This was to ensure that they were exposed to the best facilities before the 2010 Commonwealth Games and London 2012.
While more money for sport is always welcome, the problem lies in the details and in how it is spent. One statistic is telling. Against an allocation of Rs 678 crores for the Commonwealth Games, the government had spent just over 35 per cent, only Rs 232.
19 crores by November 2009. If the idea of pumping in this money was to create champions for the Commonwealth Games, to use them as a springboard for greater sporting glory at London, then clearly something went terribly wrong. Unless there is serious organisational learning, and unless there is a realisation that London 2012 is India’s last opportunity at becoming a sporting nation, it is impossible to expect radical change in the existing scenario. London 2012 is a potential game changer and this realisation is crucial to heralding a fundamental transformation in the country’s sporting scene.
THE LONDON TEST
Talking about the possibility of a sporting resurgence, the IOA secretary general Randhir Singh suggested that individual prodigies aside, the connection between modern sport and commerce is undeniable. This is precisely why nascent private sector initiatives like the Mittal Champions Trust and Olympic Gold Quest, non-governmental organisations formed to stimulate sporting excellence, are greatly required.
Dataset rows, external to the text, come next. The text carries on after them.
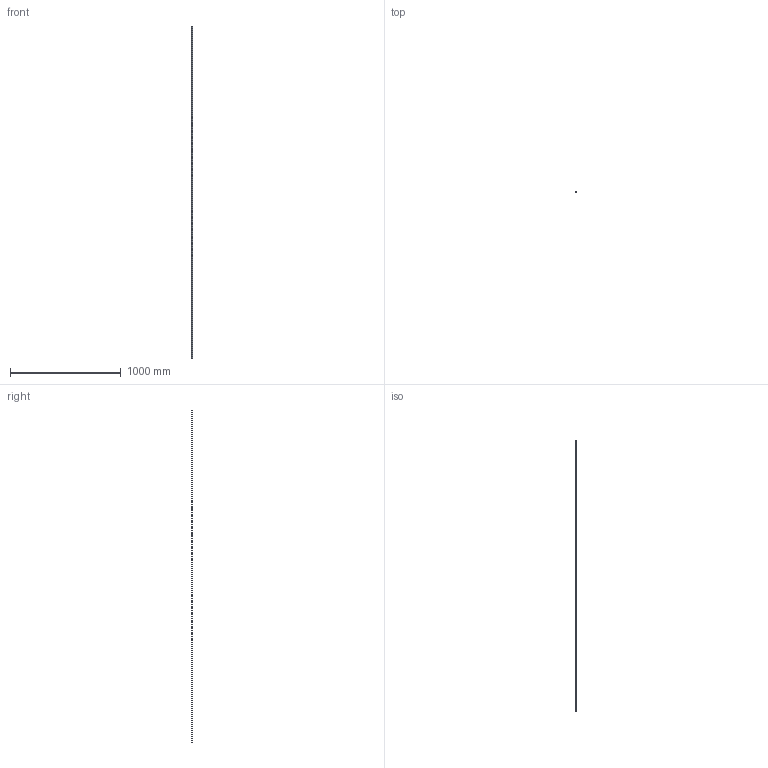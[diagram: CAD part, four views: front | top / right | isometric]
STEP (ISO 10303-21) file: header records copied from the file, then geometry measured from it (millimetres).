
FILE_DESCRIPTION (( 'STEP AP203' ), '1' );
FILE_NAME ('02 003 00xx.STEP', '2010-05-21T16:10:36', ( '' ), ( '' ), 'SwSTEP 2.0', 'SolidWorks 2010', '' );
FILE_SCHEMA (( 'CONFIG_CONTROL_DESIGN' ));
Length unit declared in the file: millimetre
Products named in the file (1): 02 003 00xx
Bounding box: 12.16 x 8.45 x 3000 mm (x, y, z)
Volume: 65307.2 mm3; surface area: 182511.6 mm2
Topology: 1 solids, 1 shells, 30 faces, 84 edges, 56 vertices
Faces by surface type: plane 30
Entity records: 1025 total; most frequent: CARTESIAN_POINT 171, ORIENTED_EDGE 168, DIRECTION 146, LINE 84, VECTOR 84, EDGE_CURVE 84, VERTEX_POINT 56, AXIS2_PLACEMENT_3D 31
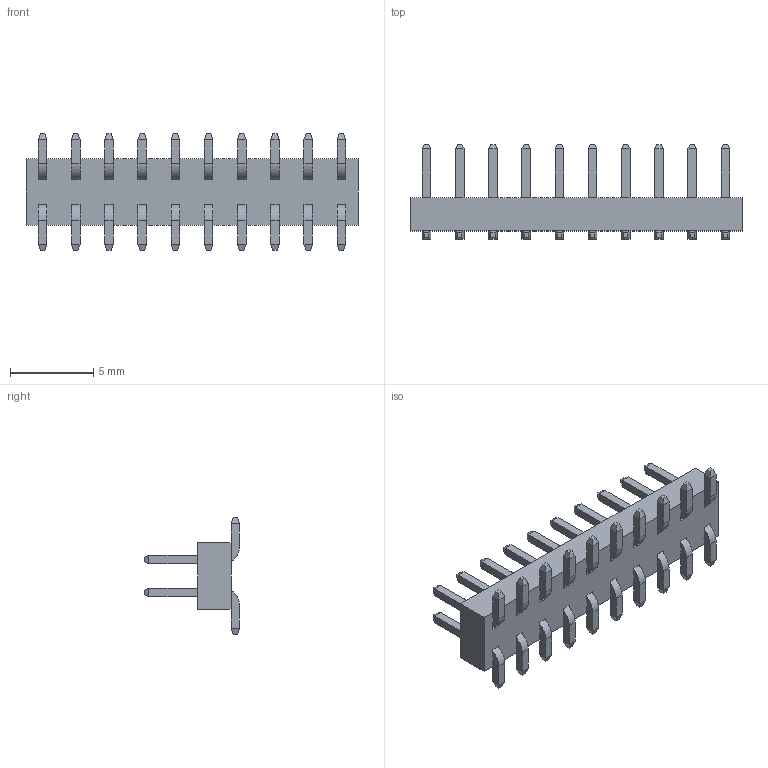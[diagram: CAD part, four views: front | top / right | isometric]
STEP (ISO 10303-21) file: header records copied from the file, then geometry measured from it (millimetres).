
FILE_DESCRIPTION(/* description */ ('STEP AP214'),/* implementation_level */ '2;1');
FILE_NAME(/* name */ 'TMMH-110-01-T-DV',/* time_stamp */ '2023-01-05T16:14:28+01:00',/* author */ ('License CC BY-ND 4.0'),/* organization */ ('CADENAS'),/* preprocessor_version */ 'ST-DEVELOPER v18.102',/* originating_system */ 'PARTsolutions',/* authorisation */ ' ');
FILE_SCHEMA (('AUTOMOTIVE_DESIGN {1 0 10303 214 3 1 1}'));
Length unit declared in the file: inch
Products named in the file (4): TMMH-110-01-T-DV; TMMH-110-01-T-DV-sm_pins2; TMMH-110-01-T-DV_pins1; TMMH-110-01-T-DV_body
Assembly tree (3 placements, depth 2):
  TMMH-110-01-T-DV
    TMMH-110-01-T-DV-sm_pins2
    TMMH-110-01-T-DV_pins1
    TMMH-110-01-T-DV_body
Bounding box: 20 x 5.71 x 7.04 mm (x, y, z)
Volume: 213.6 mm3; surface area: 877.4 mm2
Topology: 3 solids, 3 shells, 552 faces, 1424 edges, 896 vertices
Faces by surface type: plane 512, cylinder 40
Entity records: 16492 total; most frequent: CARTESIAN_POINT 2876, ORIENTED_EDGE 2848, DIRECTION 2616, EDGE_CURVE 1424, LINE 1344, VECTOR 1344, VERTEX_POINT 896, AXIS2_PLACEMENT_3D 636

That Olympic Gold Quest is clearly focussed on the job at hand is evident from the following comment by CEO Viren Rasquinha, “We are committed to providing our athletes with the best of facilities. We will ensure that they are best prepared when they compete at the Games. No one can guarantee a medal but we can surely guarantee perfect preparation. That’s what we are aiming to provide for our athletes. ”
Come August 2012 and the CWG legacy will be put to its sternest test. If India can double its medal count achieved at the 2008 Beijing Games, it will give an unprecedented fillip to Indian Olympic sports. A failed effort at London, on the other hand, organisationally and with regard to medals won, will mean that the lush promise of CWG and Asian Games 2010 will be confined to the pages of history books by the time the next Olympics are held at Rio de Janeiro in 2016.
London then, it is time to accept, is going to be a watershed event in the history of Indian sport. A successful Olympics will propel India to the forefront of Asian sport and may even translate into an Olympic bid a decade down the line. A failed Games experience, on the other hand, might lead to Olympic sports taking a huge backward step, and the country losing all that momentum built-up after the Delhi CWG and the Asian Games at Guangzhou.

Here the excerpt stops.